An unlikely source provides the solution to the looming fiscal crisis concerning the funding for pensions for retired Pennsylvania state workers and public school teachers which is expected to cause the tax burden to rise by $1,360 by 2012 for the average resident of the state.
Obviously, the money has been contracted and must be paid. So what to do?
Well the answer is ironically in the Communist Manifesto, the second plank of which calls for a heavy progressive income tax.
It’s simple. It’s beautiful.
Pensions, of course, are not taxed in Pennsylvania so here is how it would work:
–the first $50,000 of a public pension would remain untaxed.

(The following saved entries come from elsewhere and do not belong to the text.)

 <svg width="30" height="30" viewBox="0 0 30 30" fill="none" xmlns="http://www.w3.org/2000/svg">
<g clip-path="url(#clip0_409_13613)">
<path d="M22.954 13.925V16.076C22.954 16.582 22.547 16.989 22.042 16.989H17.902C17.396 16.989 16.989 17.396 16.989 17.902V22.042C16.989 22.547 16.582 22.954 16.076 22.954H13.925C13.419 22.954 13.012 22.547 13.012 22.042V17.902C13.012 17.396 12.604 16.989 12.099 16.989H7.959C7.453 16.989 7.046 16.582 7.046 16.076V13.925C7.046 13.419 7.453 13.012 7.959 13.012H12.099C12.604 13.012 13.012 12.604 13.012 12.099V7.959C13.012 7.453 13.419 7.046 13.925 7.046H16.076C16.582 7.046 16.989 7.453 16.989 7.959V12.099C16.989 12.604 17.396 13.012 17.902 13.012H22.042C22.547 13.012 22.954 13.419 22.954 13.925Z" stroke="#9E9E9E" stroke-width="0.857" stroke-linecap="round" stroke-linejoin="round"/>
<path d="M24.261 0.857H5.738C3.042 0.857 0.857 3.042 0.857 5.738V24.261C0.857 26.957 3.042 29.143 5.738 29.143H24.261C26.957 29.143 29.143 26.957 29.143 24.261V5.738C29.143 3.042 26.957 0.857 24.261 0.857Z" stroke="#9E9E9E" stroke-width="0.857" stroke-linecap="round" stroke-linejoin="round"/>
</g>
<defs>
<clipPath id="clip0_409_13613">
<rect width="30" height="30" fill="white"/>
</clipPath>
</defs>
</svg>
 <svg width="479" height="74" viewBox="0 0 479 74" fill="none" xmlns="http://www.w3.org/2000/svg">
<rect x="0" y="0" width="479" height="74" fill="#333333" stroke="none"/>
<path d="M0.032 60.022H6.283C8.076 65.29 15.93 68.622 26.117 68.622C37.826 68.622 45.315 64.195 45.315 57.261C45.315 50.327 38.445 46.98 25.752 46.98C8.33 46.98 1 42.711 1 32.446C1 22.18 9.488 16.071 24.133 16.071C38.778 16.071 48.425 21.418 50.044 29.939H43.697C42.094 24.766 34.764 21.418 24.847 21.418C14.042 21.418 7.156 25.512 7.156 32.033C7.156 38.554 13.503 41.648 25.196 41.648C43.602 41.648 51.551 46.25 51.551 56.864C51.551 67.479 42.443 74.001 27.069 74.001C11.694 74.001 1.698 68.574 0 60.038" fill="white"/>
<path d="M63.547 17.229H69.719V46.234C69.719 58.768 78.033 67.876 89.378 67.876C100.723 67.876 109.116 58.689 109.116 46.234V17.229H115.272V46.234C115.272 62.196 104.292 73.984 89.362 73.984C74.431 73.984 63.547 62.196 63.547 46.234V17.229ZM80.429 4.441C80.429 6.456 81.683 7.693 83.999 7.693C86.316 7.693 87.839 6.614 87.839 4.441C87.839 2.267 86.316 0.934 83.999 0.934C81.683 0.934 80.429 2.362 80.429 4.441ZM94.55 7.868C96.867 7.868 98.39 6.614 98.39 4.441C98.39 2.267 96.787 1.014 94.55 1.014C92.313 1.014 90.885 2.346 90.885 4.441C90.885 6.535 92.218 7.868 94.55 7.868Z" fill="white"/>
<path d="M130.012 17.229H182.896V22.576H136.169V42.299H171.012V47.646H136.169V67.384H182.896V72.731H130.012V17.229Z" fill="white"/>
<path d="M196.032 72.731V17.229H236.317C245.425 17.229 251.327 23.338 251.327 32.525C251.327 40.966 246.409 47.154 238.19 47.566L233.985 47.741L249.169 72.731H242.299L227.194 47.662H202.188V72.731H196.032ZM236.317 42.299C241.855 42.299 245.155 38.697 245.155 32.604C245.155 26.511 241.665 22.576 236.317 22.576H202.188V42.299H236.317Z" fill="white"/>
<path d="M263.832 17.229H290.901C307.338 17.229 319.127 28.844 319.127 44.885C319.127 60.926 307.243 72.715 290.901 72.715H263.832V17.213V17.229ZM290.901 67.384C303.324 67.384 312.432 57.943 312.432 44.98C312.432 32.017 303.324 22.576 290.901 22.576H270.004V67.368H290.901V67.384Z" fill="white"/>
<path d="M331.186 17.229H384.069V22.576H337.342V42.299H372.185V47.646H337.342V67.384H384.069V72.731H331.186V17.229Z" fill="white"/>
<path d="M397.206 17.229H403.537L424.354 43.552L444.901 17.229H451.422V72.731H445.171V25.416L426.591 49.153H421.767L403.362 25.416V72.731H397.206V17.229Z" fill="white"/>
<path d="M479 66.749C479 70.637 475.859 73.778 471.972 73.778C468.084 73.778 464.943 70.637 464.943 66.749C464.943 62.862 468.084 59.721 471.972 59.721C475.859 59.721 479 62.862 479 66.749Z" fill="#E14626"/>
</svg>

–the next $50,000 would be taxed at 50 percent.
–anything above that would be taxed at 90 percent.
Let’s use the looming $313,000 pension of state Sen. Robert Mellow (D-22) as an example. There would be no tax on the first $50,000 so that means that Sen. Mellow would get $50,000 upon which to survive. He would then pay 50 percent of the next $50,000 back to the state adding $25,000 to yearly income for a total of $75,000. Of the remaining $213,000 he would pay back 90 percent leaving him with an additional $21,300 and an annual income of $96,300.
He could probably survive on that.
Who could object? Certainly not the bulk of pensioners who are retired teachers and consider themselves progressive and fully subscribe to the concept of “from each according to his ability, to each according to his needs.”
Granted most of our legislators are simply greedy and not full-blown Marxists and would certainly provide an obstacle to reform but certainly not an insurmountable one.
And yes the average taxpayer would still see somewhat of an increase in his burden but a ray of hope has been found.